Okay. Last night I created a web page in order to provide this proof. I've been putting it off for some time but since there are so many people who don't understand that the conservation of P₀ can be proved through conservation of 3-momentum I thought it was about time I put this up.

Please see - http://www.geocities.com/physics_world/sr/mass_conservation.htm

(P₀ is what you and some others have referred to as "energy" but what I and others refer to as "mass")

Pete

Pete - on your web page you use P⁰ not P₀, which is it?
Also the real problem arises when the particles are freely falling in a general external gravitational field, then energy is not conserved even though no work is being done on or by them by that field.
Garth

 

[pmb_phy]

Pete - on your web page you use P⁰ not P₀, which is it?

I made an error typing. I typed "sub" when I meant to type "sup". It has been corrected.

Also the real problem arises ...

This thread seems to be about SR and inertial frames in flat spacetime. That's what I was addressing. I see nothing which indicates otherwise.

..when the particles are freely falling in a general external gravitational field, then energy is not conserved even though no work is being done on or by them by that field.
Garth

Incorrect

 

[Garth]

I made an error typing.

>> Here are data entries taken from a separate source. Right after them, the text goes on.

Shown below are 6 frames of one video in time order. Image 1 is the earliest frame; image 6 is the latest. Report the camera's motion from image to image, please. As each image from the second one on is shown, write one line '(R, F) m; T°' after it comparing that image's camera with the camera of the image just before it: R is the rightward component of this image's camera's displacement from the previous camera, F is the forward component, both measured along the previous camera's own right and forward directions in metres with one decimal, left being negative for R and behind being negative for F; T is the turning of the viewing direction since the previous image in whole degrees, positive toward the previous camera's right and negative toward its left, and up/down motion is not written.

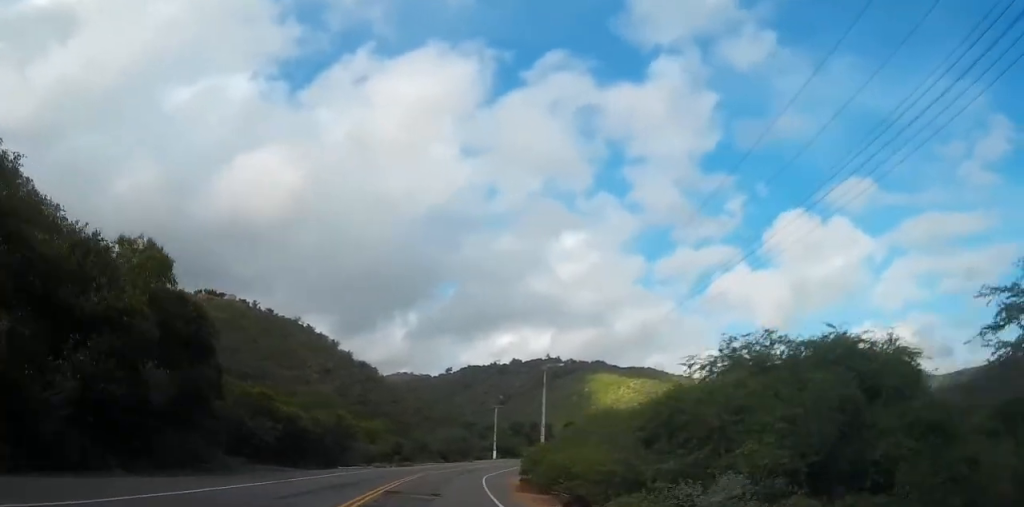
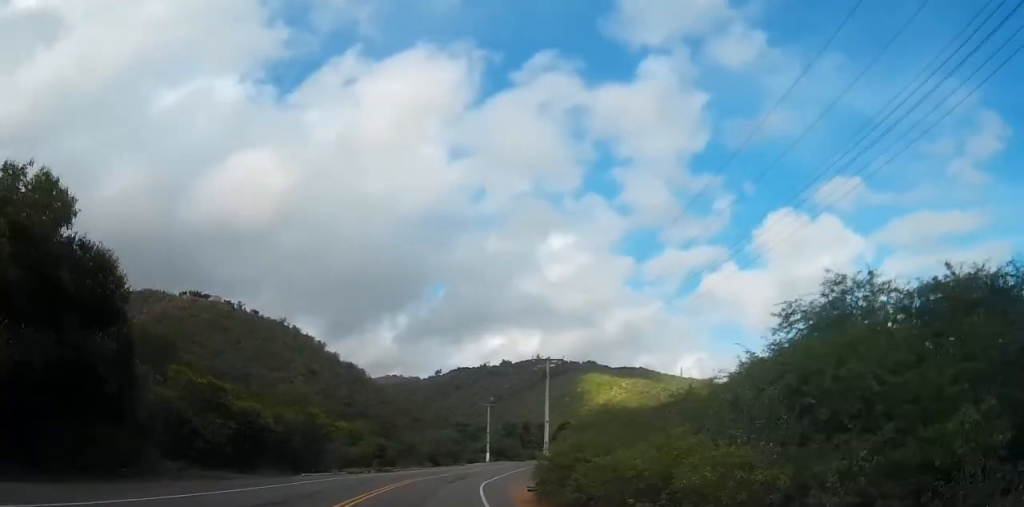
(+0.1, +8.8) m; +1°
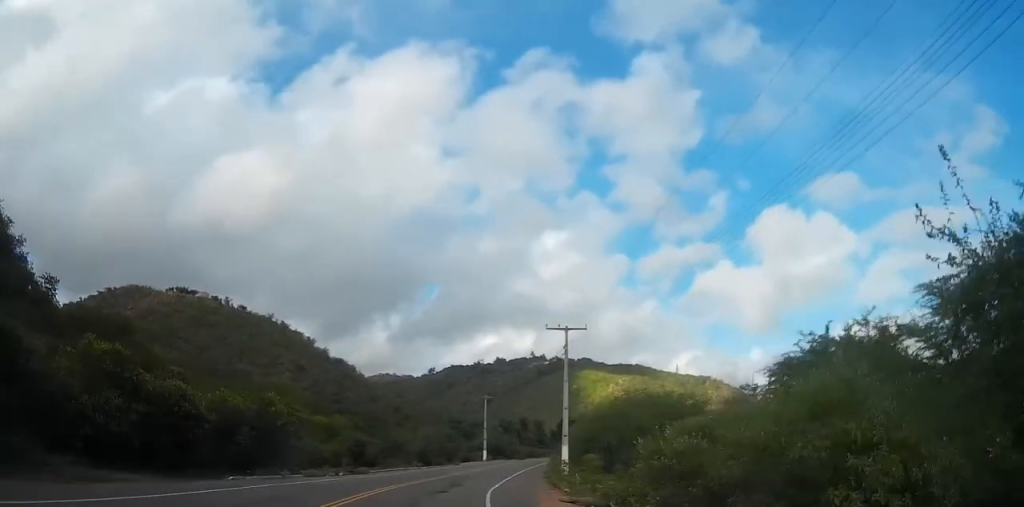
(0.0, +12.0) m; +1°
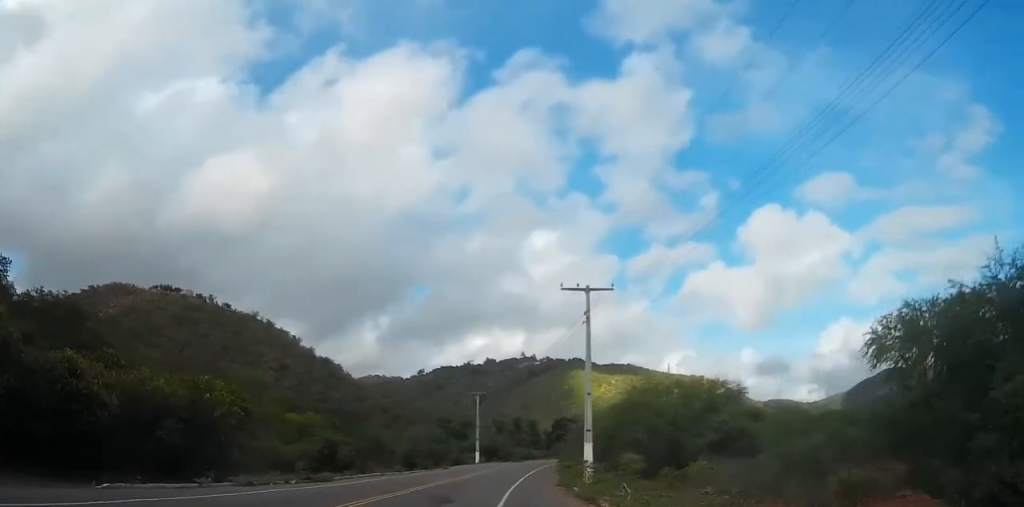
(-0.2, +9.9) m; +1°
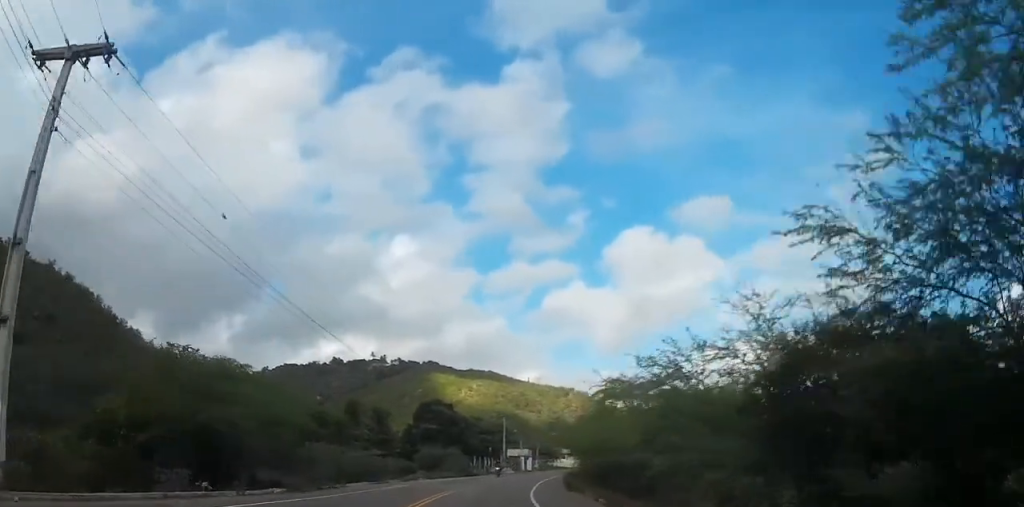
(+8.8, +81.3) m; +12°
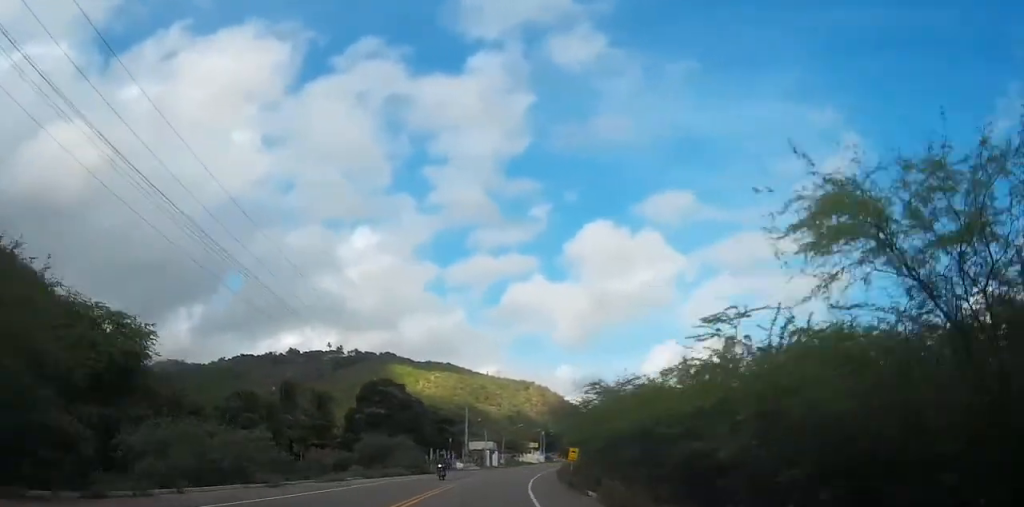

I typed "sub" when I meant to type "sup". It has been corrected.

We all do that!

This thread seems to be about SR and inertial frames in flat spacetime. That's what I was addressing. I see nothing which indicates otherwise.

Indeed in SR the problem disappears, however it is always good to generalise concepts, in this case to non flat space-times.

Incorrect

You will find that most relativists disagree. The reason why I asked whether you meant P⁰ or P₀, is that it is P₀ that is conserved in the static gravitational field in the centre of mass frame in which the metric components are static, as you prove in your lecture notes. These are the same only in a Minkowski metric. I believe the reason there is confusion as to which one is to be used as energy is because in fact in general energy is not conserved in GR. (Though of course it is in SR)
To obtain a value for energy in a frame of reference U^a, the scalar product of four-momentum with U^a has to be taken,
E = - P_aU^a . [Minus sign to agree with most common sign conventions]

Garth

 

[learningphysics]

Thanks Pete! Your conservation of mass proof is exactly what I was looking for.

 

[learningphysics]

Thanks Pete! Your proof of conservation of mass was exactly what I was looking for.

 

[pmb_phy]

You will find that most relativists disagree.

I seriously doubt that.

Garth - I've explained all of this to before, several times in fact. But you're not listening to me. You have something in mind which is incorrect and you seem to be refusing to understand the correct concept. I.e. you're confusing the concept of the conservation of energy with the concpet of the constancy of the energy of a particle. These are two different things which are simply related to each other. But you constantly confuse them as being identical concepts.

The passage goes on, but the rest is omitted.